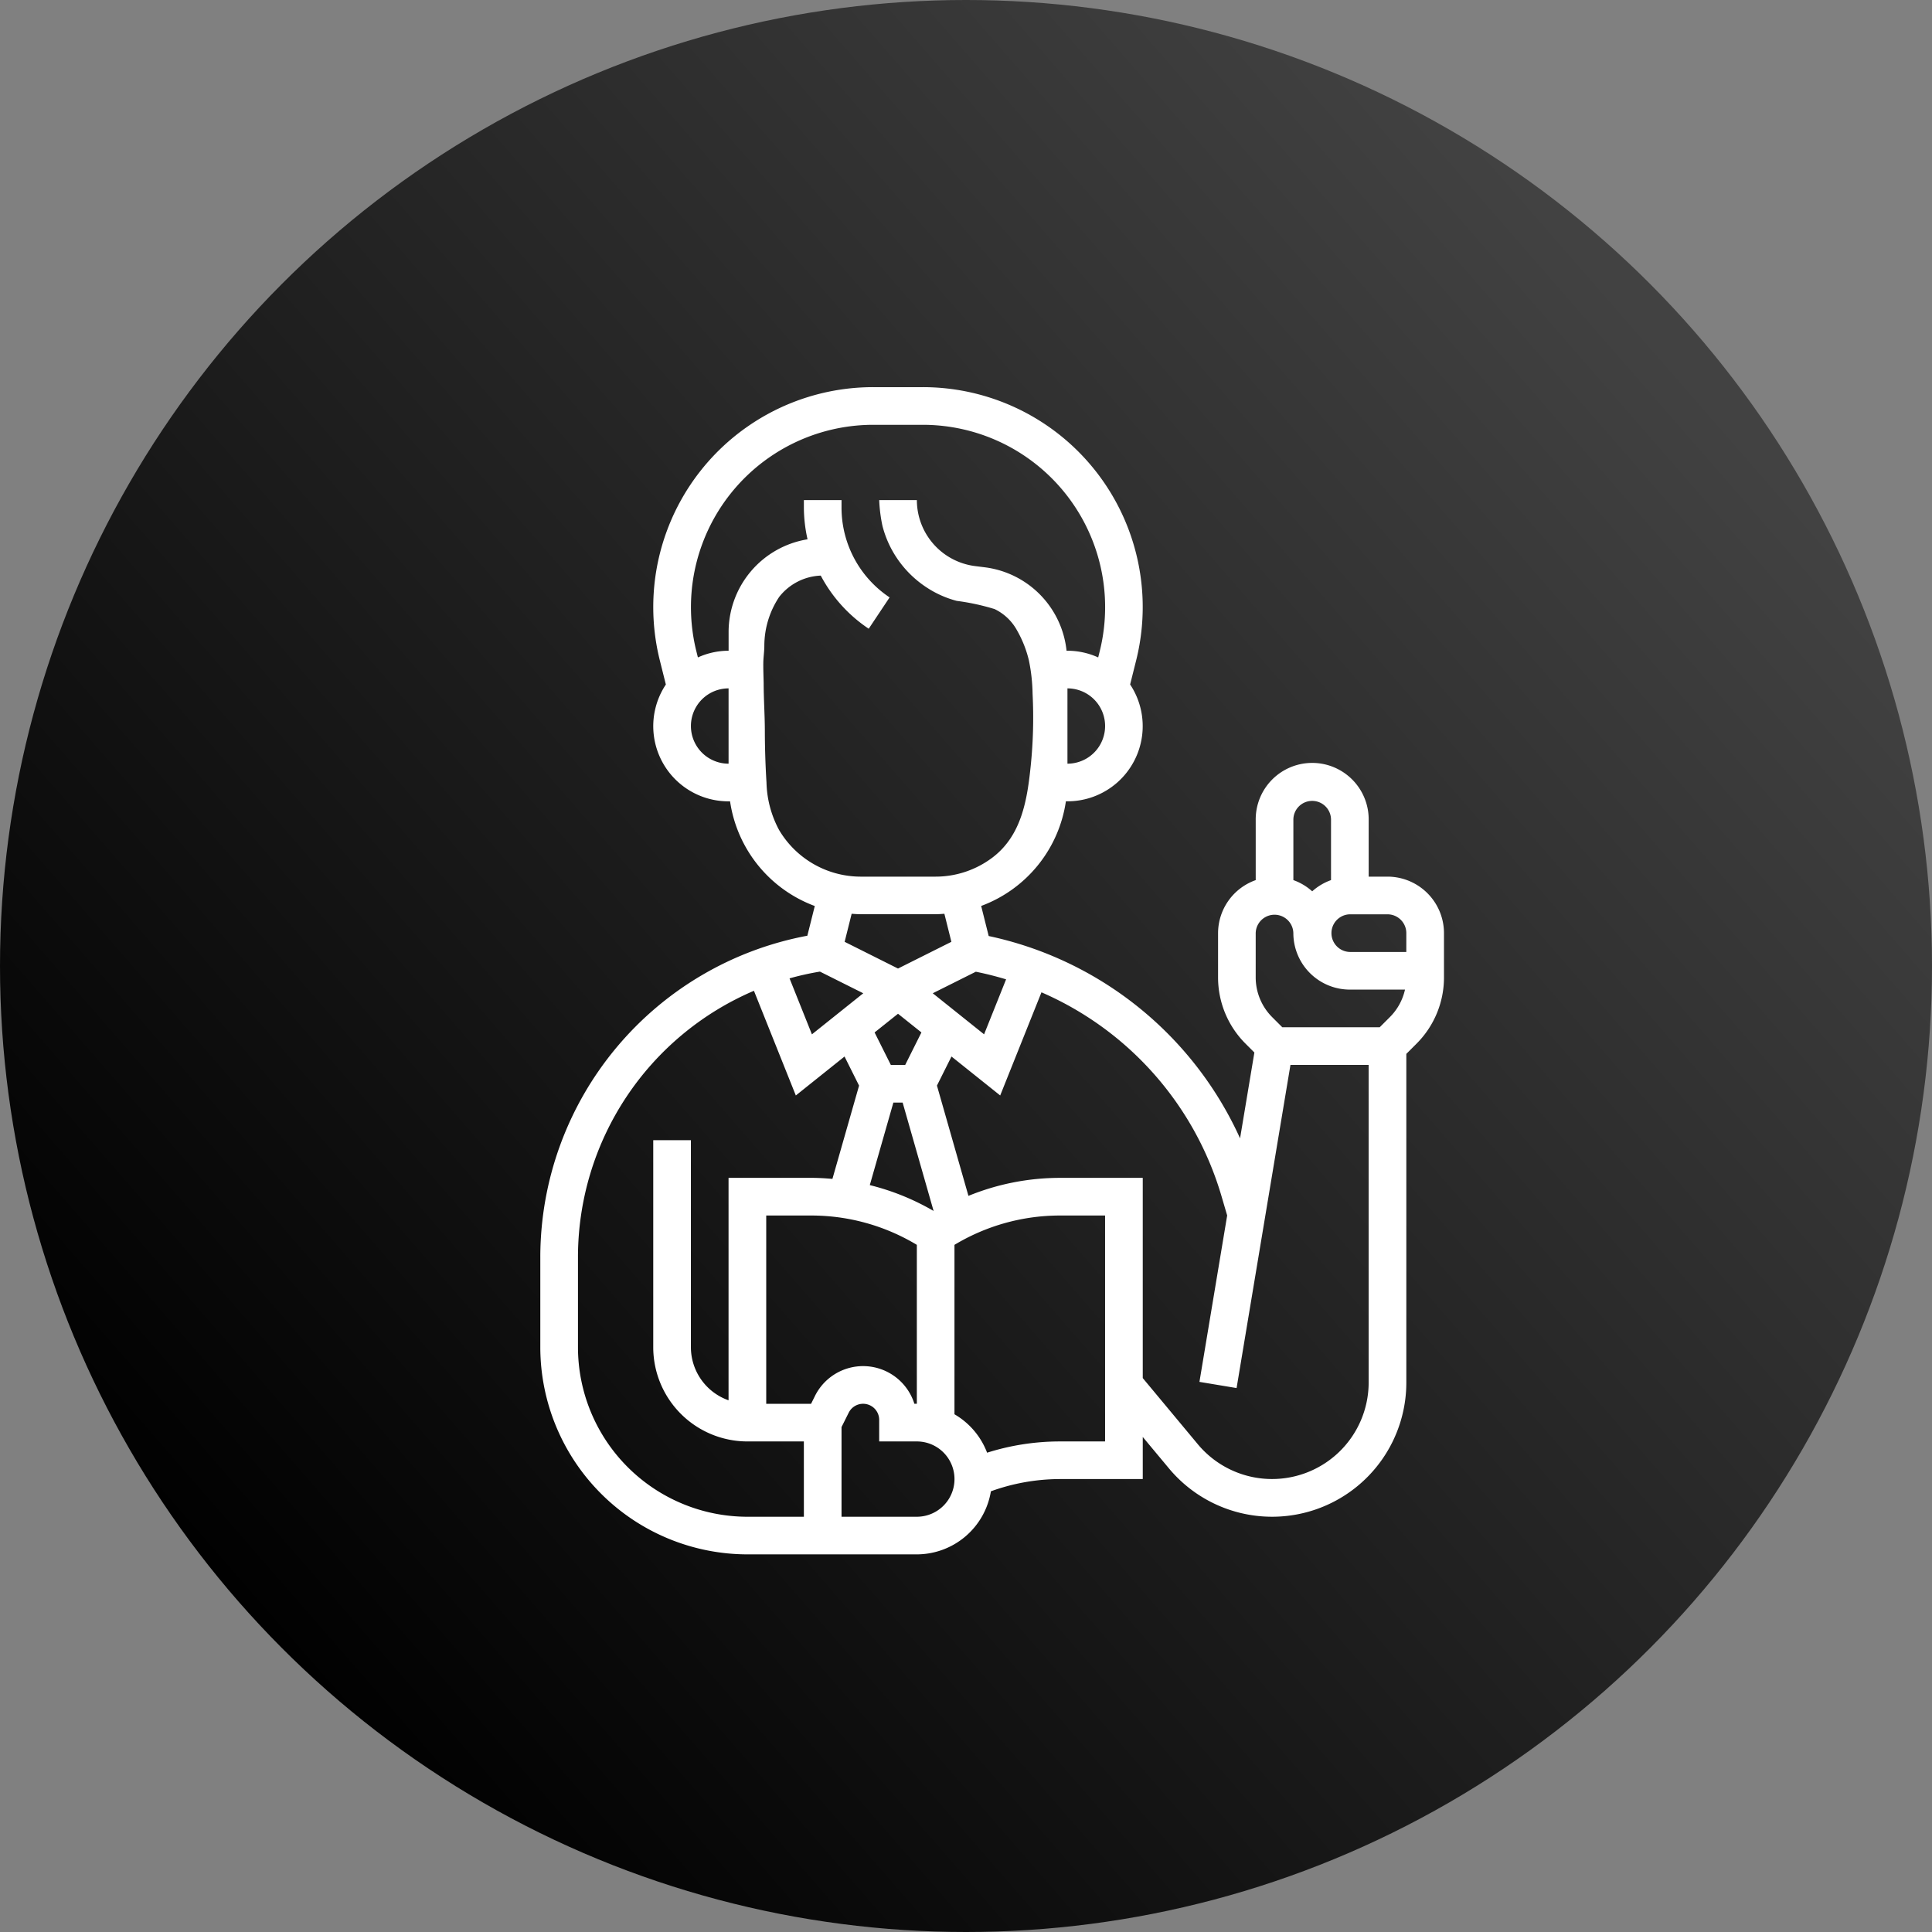 <svg xmlns="http://www.w3.org/2000/svg" xmlns:xlink="http://www.w3.org/1999/xlink" width="186" height="186" viewBox="0 0 186 186">
  <rect x="0" y="0" width="186" height="186" fill="#808080" stroke="none"/>
  <defs>
    <linearGradient id="linear-gradient" x1="0.136" y1="0.859" x2="0.883" y2="0.208" gradientUnits="objectBoundingBox">
      <stop offset="0"/>
      <stop offset="1" stop-color="#424242"/>
    </linearGradient>
  </defs>
  <g id="Group_240" data-name="Group 240" transform="translate(-554 -1181)">
    <g id="Group_226" data-name="Group 226" transform="translate(5 -3)">
      <circle id="Ellipse_9" data-name="Ellipse 9" cx="93" cy="93" r="93" transform="translate(549 1184)" fill="url(#linear-gradient)"/>
      <g id="Group_225" data-name="Group 225" transform="translate(497.017 1213.272)">
        <path id="Path_724" data-name="Path 724" d="M185.562,55.125H183.75V49.688a5.438,5.438,0,1,0-10.875,0v5.771a5.43,5.43,0,0,0-3.625,5.1v4.247a9.006,9.006,0,0,0,2.655,6.409l.841.841-1.378,8.263a34.451,34.451,0,0,0-24.2-19.477l-.725-2.895A12.7,12.7,0,0,0,154.6,47.873h.145a7.24,7.24,0,0,0,6.039-11.248l.578-2.311A21.17,21.17,0,0,0,140.821,8h-4.769a21.172,21.172,0,0,0-20.543,26.316l.578,2.313a7.237,7.237,0,0,0,6.037,11.247h.145a12.707,12.707,0,0,0,8.156,10.077l-.716,2.86A31.51,31.51,0,0,0,104,91.634v8.8a19.961,19.961,0,0,0,19.938,19.938H140.25a7.241,7.241,0,0,0,7.13-6.072,19.653,19.653,0,0,1,6.654-1.178H162V109.07l2.527,3.031a12.922,12.922,0,0,0,22.848-8.272V72.188l.97-.97A9.006,9.006,0,0,0,191,64.809V60.562A5.444,5.444,0,0,0,185.562,55.125ZM176.5,49.688a1.813,1.813,0,1,1,3.625,0v5.771a5.416,5.416,0,0,0-1.812,1.08,5.387,5.387,0,0,0-1.813-1.08ZM148.843,65.012l-2.119,5.294-4.941-3.953,4.147-2.074C146.92,64.479,147.89,64.726,148.843,65.012Zm-10.406-1.039L133.3,61.4l.674-2.7c.277.018.556.042.839.042h7.25c.283,0,.562-.024.839-.042l.674,2.7Zm2.255,6.152L139.13,73.25h-1.385l-1.562-3.125,2.255-1.8Zm-2.7,6.75h.89l2.982,10.436a23.3,23.3,0,0,0-6.143-2.489ZM154.75,44.25V37a3.625,3.625,0,1,1,0,7.25Zm-32.625,0a3.625,3.625,0,0,1,0-7.25Zm3.651,1.811-.007-.108q-.146-2.4-.152-4.811c0-1.55-.114-3.1-.114-4.653-.013-.636-.041-1.275-.035-1.911.005-.568.1-1.141.1-1.71A8.5,8.5,0,0,1,127,28.192a5.355,5.355,0,0,1,4-2.049,14.012,14.012,0,0,0,4.618,5.115l2.01-3.016A10.378,10.378,0,0,1,133,19.591v-.716h-3.625v.716a14.073,14.073,0,0,0,.353,3.058,9.053,9.053,0,0,0-7.6,8.914v1.813a7.174,7.174,0,0,0-2.956.645l-.145-.582a17.557,17.557,0,0,1,17.03-21.813h4.769a17.557,17.557,0,0,1,17.028,21.813l-.145.582a7.174,7.174,0,0,0-2.956-.645h-.089a9.05,9.05,0,0,0-7.848-8.029l-.957-.12a6.41,6.41,0,0,1-5.606-6.351h-3.625a14.547,14.547,0,0,0,.309,2.469,10.008,10.008,0,0,0,.9,2.3,10.124,10.124,0,0,0,3.27,3.581,9.818,9.818,0,0,0,2.981,1.35,21.891,21.891,0,0,1,3.648.79,4.854,4.854,0,0,1,2.158,2.049,10.858,10.858,0,0,1,1.143,2.889,17.01,17.01,0,0,1,.356,3.221,45.322,45.322,0,0,1-.176,6.9c-.334,3.275-.868,6.706-3.656,8.839a9.083,9.083,0,0,1-5.5,1.861h-7.25a9.144,9.144,0,0,1-7.831-4.505A10.156,10.156,0,0,1,125.776,46.061Zm5.145,18.207,4.171,2.086-4.943,3.953-2.155-5.389A27.841,27.841,0,0,1,130.921,64.267Zm-1.546,52.483h-5.437a16.33,16.33,0,0,1-16.312-16.312v-8.8a27.9,27.9,0,0,1,16.941-25.525L128.6,76.193l4.689-3.75,1.4,2.8-2.566,8.981c-.676-.06-1.352-.1-2.034-.1h-7.966v21.416a5.43,5.43,0,0,1-3.625-5.1V80.5h-3.625v19.937a9.073,9.073,0,0,0,9.063,9.063h5.437Zm1.073-11.64-.381.765H125.75V87.75h4.341a19.689,19.689,0,0,1,10.159,2.824v15.3h-.237a5.174,5.174,0,0,0-9.565-.765Zm9.8,11.64H133v-8.635l.692-1.385a1.548,1.548,0,0,1,2.933.692V109.5h3.625a3.625,3.625,0,1,1,0,7.25Zm18.125-7.25h-4.341a23.234,23.234,0,0,0-7.018,1.084,7.247,7.247,0,0,0-3.141-3.7V90.574a19.694,19.694,0,0,1,10.159-2.824h4.341Zm25.375-5.671a9.3,9.3,0,0,1-16.438,5.95L162,103.4V84.125h-7.966a23.328,23.328,0,0,0-8.816,1.733l-3.032-10.616,1.4-2.8,4.689,3.75,3.973-9.931A30.866,30.866,0,0,1,169.6,85.952l.527,1.793-2.67,16.021,3.576.595,5.186-31.11h7.527Zm2.032-35.173-.97.97h-9.374l-.97-.97a5.409,5.409,0,0,1-1.593-3.846V60.562a1.813,1.813,0,0,1,3.625,0A5.444,5.444,0,0,0,181.938,66h5.309A5.416,5.416,0,0,1,185.782,68.655Zm1.593-6.28h-5.437a1.813,1.813,0,0,1,0-3.625h3.625a1.813,1.813,0,0,1,1.813,1.813Z" fill="#fff"/>
      </g>
    </g>
  </g>
</svg>

____________

• Exercise instructions
Work through the data and report how many of its lines hold the word "transform", giving only the figure.

• Expected output
4